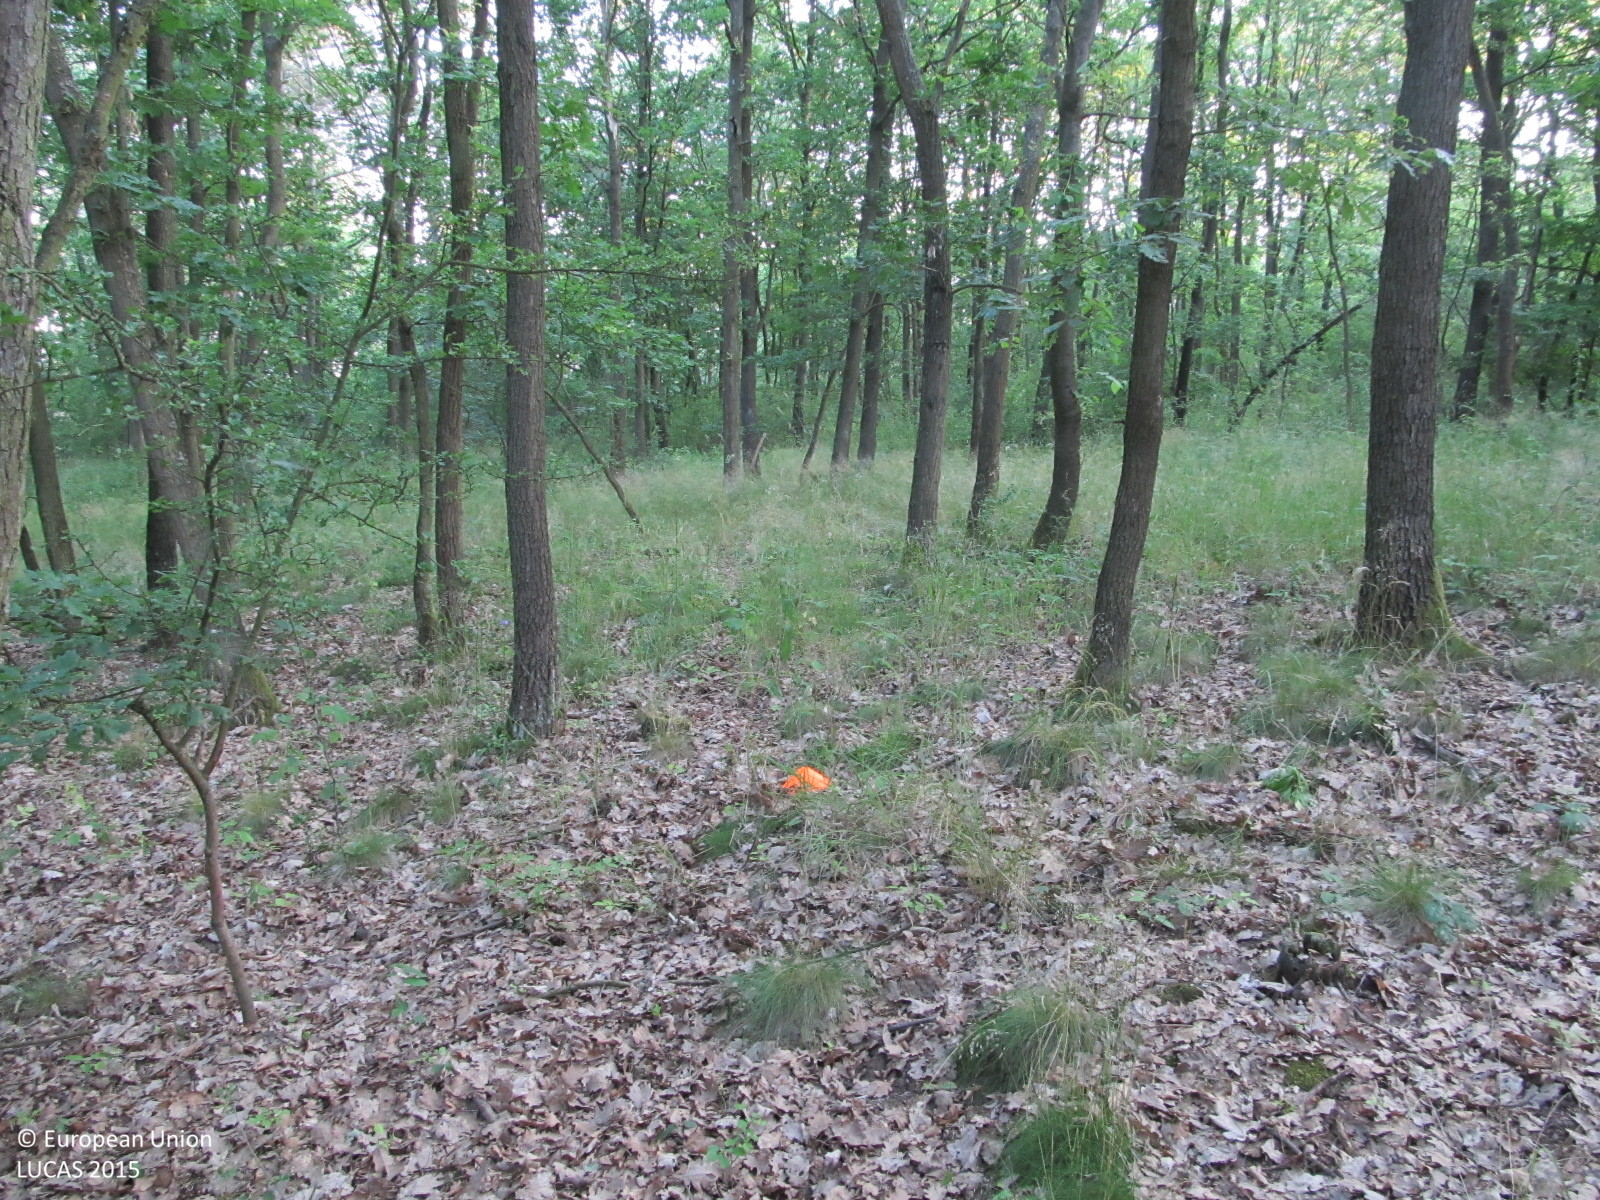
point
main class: Woodland
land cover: Broadleaved woodland
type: mesophytic deciduous forest
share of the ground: > 75 %
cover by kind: broadleaved forest trees 75 %, shrubs 10 %, herbaceous plants 10 %, unconsolidated bare surface 5 %
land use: Forestry
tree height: > 5 m
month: July
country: AT
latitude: 48.7184
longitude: 15.8351
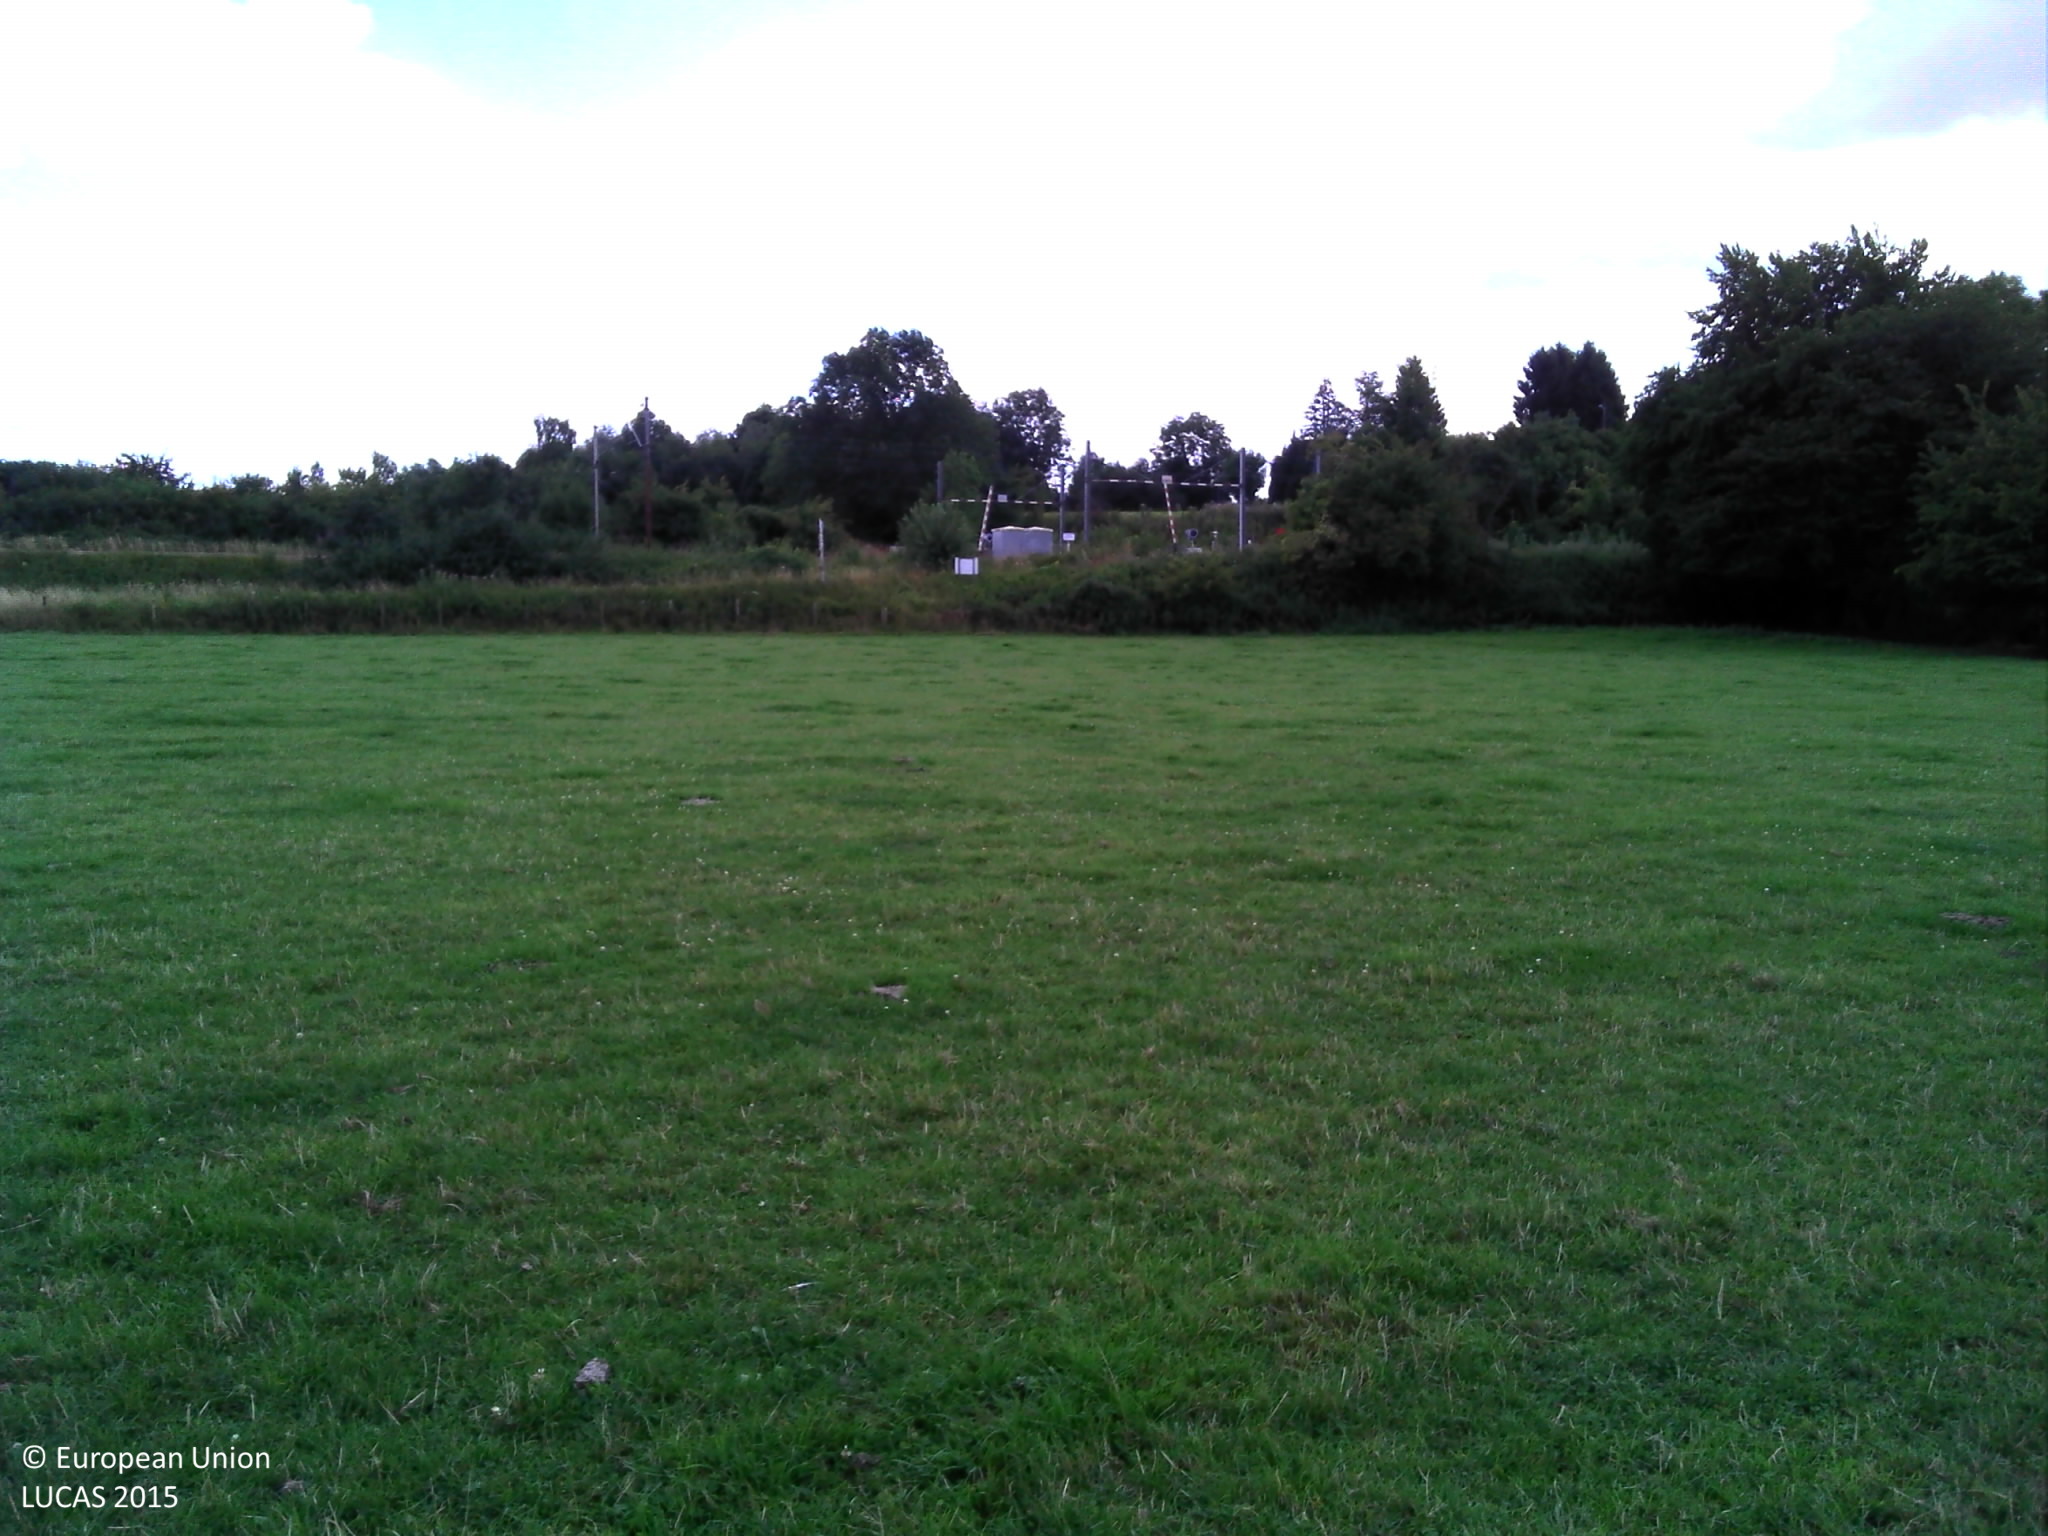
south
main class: Grassland
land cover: Grassland without tree/shrub cover
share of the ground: > 75 %
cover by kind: herbaceous plants 100 %
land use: Agriculture (excluding fallow land and kitchen gardens)
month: August
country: FR
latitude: 50.2788
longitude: 4.0023
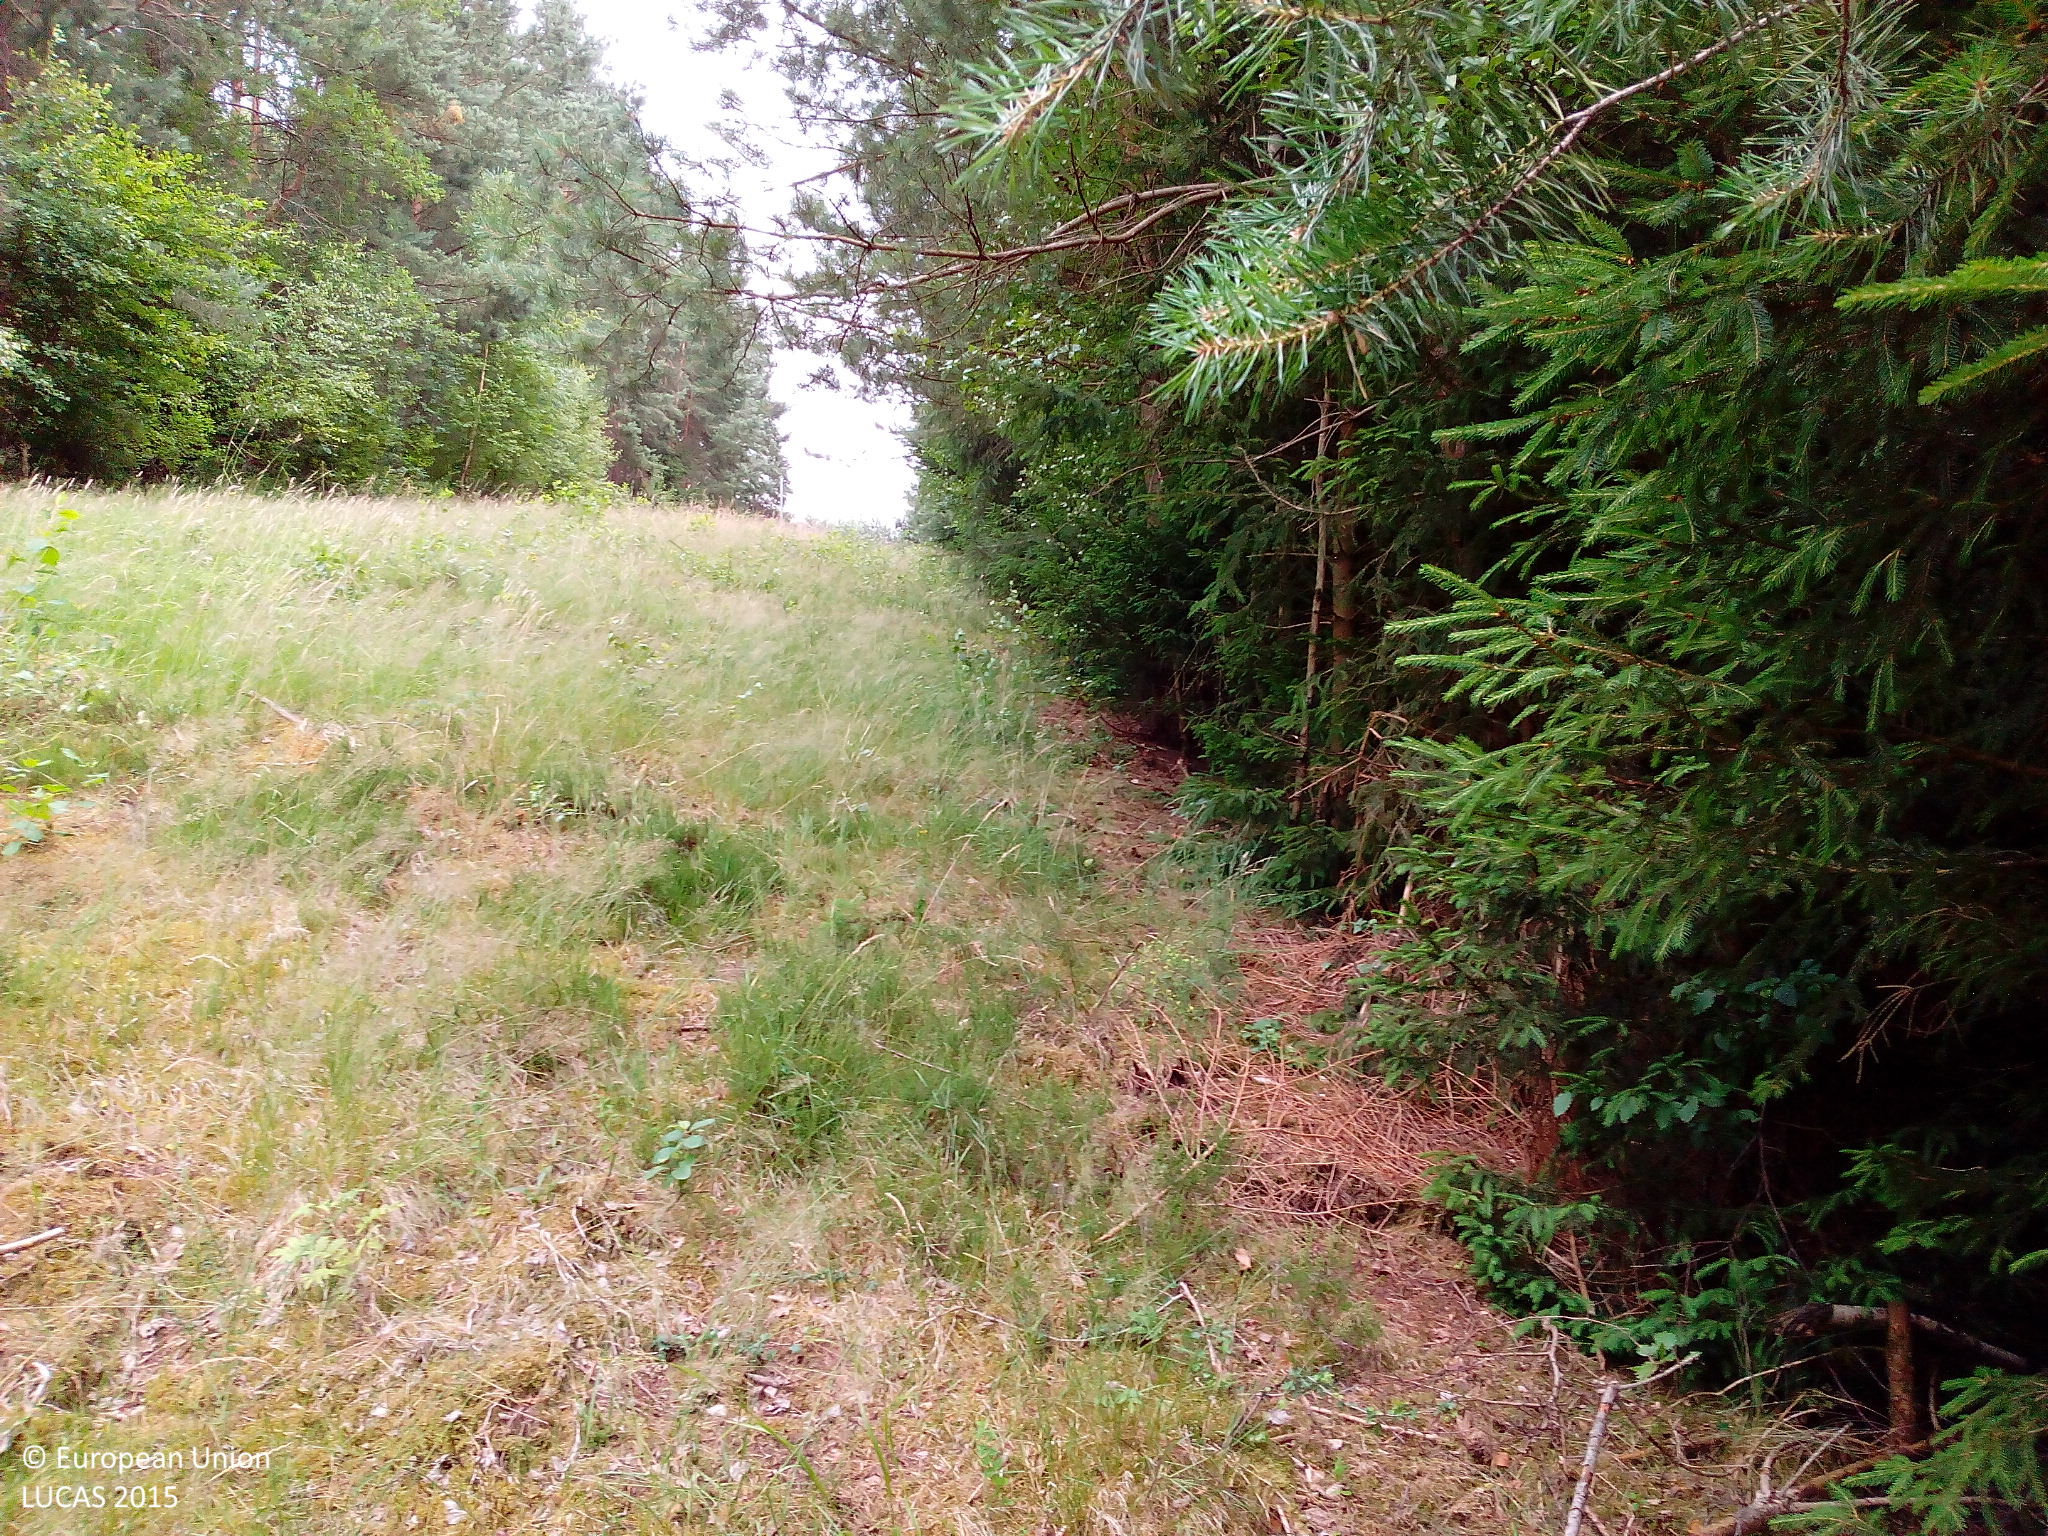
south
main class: Woodland
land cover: Spruce dominated mixed woodland
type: hemiboreal forest and nemoral coniferous forest and mixed broadleaved-coniferous forest
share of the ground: > 75 %
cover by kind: coniferous forest trees 60 %, broadleaved forest trees 40 %
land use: Forestry
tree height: > 5 m
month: July
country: DE
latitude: 50.8135
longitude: 9.9574

WHAT THE EXERCISE ASKS: Could you output the lines above exactly, with no pictures included?

EXERCISE SOLUTION:
point
main class: Woodland
land cover: Broadleaved woodland
type: mesophytic deciduous forest
share of the ground: > 75 %
cover by kind: broadleaved forest trees 75 %, shrubs 10 %, herbaceous plants 10 %, unconsolidated bare surface 5 %
land use: Forestry
tree height: > 5 m
month: July
country: AT
latitude: 48.7184
longitude: 15.8351
south
main class: Grassland
land cover: Grassland without tree/shrub cover
share of the ground: > 75 %
cover by kind: herbaceous plants 100 %
land use: Agriculture (excluding fallow land and kitchen gardens)
month: August
country: FR
latitude: 50.2788
longitude: 4.0023
south
main class: Woodland
land cover: Spruce dominated mixed woodland
type: hemiboreal forest and nemoral coniferous forest and mixed broadleaved-coniferous forest
share of the ground: > 75 %
cover by kind: coniferous forest trees 60 %, broadleaved forest trees 40 %
land use: Forestry
tree height: > 5 m
month: July
country: DE
latitude: 50.8135
longitude: 9.9574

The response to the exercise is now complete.